__Exercise description__:
Of all the lines in the entries below, give again exactly those starting at the line containing "#271=DIRECTION('Vector Direction',(0.,1.,0.)) ;" and ending at the line containing "#2766=DIRECTION('Vector Direction',(0.,0.985,-0.174)) ;", both ends included, and no others.

(Beginning of Record set)

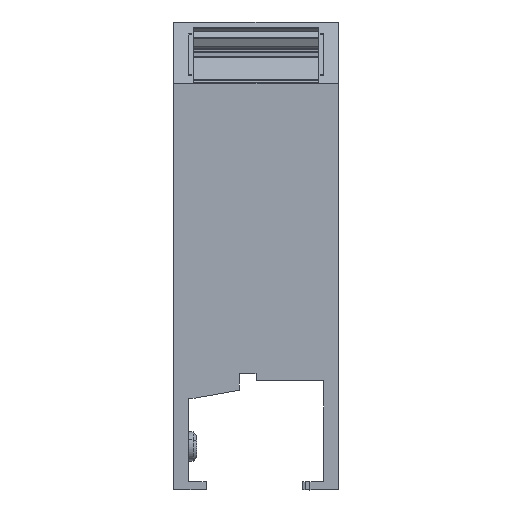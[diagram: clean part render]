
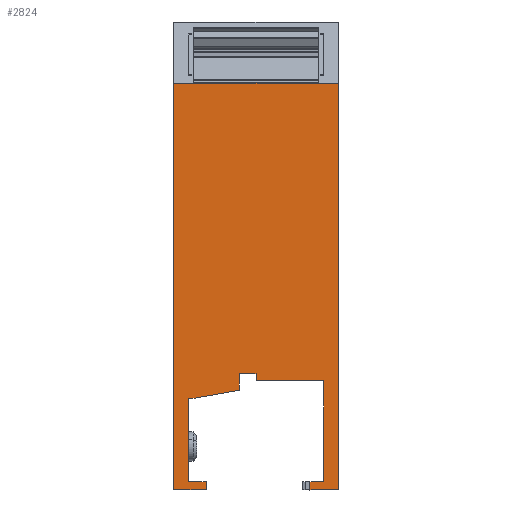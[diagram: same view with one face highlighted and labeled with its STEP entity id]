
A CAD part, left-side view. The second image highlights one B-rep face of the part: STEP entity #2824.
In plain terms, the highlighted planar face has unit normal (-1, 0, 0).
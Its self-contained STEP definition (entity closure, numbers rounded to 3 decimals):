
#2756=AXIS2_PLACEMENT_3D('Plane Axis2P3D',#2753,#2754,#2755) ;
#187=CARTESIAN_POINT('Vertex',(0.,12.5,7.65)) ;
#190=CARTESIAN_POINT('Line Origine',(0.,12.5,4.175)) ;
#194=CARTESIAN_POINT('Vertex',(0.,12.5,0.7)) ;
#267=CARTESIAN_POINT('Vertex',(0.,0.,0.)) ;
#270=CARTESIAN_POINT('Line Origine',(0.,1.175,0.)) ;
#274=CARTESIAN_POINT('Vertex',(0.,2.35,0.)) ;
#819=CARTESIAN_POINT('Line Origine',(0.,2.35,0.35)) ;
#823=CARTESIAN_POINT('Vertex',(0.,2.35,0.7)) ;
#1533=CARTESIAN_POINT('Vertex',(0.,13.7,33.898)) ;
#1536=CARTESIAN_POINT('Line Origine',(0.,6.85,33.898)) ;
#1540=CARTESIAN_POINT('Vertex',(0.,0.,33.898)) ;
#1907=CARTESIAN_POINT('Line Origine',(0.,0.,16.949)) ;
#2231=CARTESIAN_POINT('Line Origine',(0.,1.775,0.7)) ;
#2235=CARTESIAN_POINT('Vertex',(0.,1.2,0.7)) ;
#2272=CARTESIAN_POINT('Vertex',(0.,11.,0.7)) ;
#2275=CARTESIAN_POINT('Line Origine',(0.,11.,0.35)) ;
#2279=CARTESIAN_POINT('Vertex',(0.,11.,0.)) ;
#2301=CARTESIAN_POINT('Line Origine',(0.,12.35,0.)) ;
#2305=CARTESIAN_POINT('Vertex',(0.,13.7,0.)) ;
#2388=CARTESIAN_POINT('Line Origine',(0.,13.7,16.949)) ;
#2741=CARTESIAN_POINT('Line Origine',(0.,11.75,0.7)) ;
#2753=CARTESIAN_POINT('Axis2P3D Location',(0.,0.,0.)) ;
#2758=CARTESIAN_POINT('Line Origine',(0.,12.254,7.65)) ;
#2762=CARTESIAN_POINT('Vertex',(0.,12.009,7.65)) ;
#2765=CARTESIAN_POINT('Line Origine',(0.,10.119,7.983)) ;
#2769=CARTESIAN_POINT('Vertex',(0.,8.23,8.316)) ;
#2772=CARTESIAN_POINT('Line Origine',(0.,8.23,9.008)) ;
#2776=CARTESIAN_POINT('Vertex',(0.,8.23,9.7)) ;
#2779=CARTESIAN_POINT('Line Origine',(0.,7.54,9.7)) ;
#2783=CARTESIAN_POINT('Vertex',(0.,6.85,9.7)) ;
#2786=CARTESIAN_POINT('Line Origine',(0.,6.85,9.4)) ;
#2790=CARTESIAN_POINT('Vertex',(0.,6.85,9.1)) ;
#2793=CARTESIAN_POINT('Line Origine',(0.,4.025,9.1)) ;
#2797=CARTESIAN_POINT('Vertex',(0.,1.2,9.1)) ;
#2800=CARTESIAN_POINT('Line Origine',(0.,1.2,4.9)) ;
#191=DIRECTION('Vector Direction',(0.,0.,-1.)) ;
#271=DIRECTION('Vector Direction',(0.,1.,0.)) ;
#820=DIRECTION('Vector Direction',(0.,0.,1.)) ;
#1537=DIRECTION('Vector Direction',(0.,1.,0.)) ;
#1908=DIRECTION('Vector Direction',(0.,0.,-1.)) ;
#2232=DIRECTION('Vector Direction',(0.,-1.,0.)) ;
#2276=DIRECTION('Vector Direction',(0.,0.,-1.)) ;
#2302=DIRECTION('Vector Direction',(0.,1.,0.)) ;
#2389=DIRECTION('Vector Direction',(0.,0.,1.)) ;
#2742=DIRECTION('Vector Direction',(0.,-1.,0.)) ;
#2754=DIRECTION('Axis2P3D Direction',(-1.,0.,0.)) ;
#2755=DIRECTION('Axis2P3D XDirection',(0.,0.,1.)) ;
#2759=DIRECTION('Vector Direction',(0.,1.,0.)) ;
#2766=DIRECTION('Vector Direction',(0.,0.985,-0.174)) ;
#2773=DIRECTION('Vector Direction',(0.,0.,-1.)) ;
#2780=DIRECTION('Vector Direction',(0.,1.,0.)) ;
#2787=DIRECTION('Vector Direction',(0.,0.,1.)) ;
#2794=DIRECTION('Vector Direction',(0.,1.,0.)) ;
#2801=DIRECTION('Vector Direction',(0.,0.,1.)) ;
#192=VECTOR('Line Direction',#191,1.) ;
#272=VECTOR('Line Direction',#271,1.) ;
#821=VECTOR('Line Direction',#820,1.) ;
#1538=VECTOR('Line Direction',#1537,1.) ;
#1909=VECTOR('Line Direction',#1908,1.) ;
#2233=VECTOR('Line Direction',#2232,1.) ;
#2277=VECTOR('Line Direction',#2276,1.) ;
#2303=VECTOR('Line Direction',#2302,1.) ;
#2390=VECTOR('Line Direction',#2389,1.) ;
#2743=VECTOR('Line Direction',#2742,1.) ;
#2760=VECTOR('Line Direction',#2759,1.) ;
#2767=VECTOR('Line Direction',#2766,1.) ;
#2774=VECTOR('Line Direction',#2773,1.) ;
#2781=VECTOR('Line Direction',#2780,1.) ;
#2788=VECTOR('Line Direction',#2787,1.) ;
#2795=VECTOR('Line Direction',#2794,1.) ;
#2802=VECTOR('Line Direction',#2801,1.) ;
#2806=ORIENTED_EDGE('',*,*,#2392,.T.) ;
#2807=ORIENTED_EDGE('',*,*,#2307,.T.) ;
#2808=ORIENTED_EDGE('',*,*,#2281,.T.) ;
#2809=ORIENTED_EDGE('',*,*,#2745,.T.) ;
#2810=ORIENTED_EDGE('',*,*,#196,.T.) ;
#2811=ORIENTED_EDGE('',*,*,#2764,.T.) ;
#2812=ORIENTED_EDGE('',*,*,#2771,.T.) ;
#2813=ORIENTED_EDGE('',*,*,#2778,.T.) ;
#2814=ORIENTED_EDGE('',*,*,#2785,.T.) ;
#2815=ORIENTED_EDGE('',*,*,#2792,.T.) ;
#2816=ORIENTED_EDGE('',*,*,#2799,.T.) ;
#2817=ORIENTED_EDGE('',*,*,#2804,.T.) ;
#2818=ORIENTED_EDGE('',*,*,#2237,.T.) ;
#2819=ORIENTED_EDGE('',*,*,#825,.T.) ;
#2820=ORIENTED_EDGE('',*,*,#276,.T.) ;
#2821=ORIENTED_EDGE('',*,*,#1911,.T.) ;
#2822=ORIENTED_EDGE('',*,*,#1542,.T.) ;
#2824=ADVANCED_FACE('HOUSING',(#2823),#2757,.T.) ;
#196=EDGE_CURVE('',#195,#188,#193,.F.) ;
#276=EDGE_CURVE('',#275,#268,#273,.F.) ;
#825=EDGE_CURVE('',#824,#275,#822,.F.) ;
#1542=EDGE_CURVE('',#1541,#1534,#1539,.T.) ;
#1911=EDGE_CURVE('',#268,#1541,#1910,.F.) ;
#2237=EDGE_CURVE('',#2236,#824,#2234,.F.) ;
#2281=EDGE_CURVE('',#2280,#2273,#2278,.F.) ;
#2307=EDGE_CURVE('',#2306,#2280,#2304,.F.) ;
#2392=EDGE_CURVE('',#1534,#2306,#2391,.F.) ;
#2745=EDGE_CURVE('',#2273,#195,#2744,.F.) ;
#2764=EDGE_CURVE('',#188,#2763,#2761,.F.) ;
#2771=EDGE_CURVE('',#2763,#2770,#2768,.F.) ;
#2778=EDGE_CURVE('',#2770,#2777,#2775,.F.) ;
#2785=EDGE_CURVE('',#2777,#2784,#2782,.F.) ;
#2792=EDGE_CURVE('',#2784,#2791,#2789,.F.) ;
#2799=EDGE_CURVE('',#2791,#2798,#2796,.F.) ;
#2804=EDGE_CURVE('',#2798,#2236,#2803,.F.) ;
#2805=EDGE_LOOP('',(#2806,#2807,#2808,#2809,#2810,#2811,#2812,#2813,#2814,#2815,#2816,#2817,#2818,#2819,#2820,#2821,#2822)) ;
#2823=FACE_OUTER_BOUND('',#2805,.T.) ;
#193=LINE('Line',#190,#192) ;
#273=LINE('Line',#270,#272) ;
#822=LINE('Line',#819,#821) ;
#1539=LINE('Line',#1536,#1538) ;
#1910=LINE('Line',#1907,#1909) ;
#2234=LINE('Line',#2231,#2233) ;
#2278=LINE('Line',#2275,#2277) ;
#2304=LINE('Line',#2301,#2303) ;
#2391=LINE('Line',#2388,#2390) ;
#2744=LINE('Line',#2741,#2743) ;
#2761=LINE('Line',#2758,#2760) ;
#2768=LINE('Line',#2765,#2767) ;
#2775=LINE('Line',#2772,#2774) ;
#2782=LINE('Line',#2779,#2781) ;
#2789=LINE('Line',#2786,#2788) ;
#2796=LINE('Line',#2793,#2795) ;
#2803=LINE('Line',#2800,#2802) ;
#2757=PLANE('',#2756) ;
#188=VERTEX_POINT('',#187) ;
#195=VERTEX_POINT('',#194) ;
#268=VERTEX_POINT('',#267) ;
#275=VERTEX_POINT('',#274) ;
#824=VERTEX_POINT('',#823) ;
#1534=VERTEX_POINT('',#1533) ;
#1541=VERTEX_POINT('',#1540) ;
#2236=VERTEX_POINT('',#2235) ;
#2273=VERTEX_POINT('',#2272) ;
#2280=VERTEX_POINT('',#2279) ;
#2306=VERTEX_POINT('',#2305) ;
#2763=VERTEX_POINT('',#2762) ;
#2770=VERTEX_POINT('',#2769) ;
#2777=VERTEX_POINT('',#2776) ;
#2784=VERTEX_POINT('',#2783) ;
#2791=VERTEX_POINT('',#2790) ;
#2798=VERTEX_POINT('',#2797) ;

(End of Record set)

__Reply to the exercise__:
#271=DIRECTION('Vector Direction',(0.,1.,0.)) ;
#820=DIRECTION('Vector Direction',(0.,0.,1.)) ;
#1537=DIRECTION('Vector Direction',(0.,1.,0.)) ;
#1908=DIRECTION('Vector Direction',(0.,0.,-1.)) ;
#2232=DIRECTION('Vector Direction',(0.,-1.,0.)) ;
#2276=DIRECTION('Vector Direction',(0.,0.,-1.)) ;
#2302=DIRECTION('Vector Direction',(0.,1.,0.)) ;
#2389=DIRECTION('Vector Direction',(0.,0.,1.)) ;
#2742=DIRECTION('Vector Direction',(0.,-1.,0.)) ;
#2754=DIRECTION('Axis2P3D Direction',(-1.,0.,0.)) ;
#2755=DIRECTION('Axis2P3D XDirection',(0.,0.,1.)) ;
#2759=DIRECTION('Vector Direction',(0.,1.,0.)) ;
#2766=DIRECTION('Vector Direction',(0.,0.985,-0.174)) ;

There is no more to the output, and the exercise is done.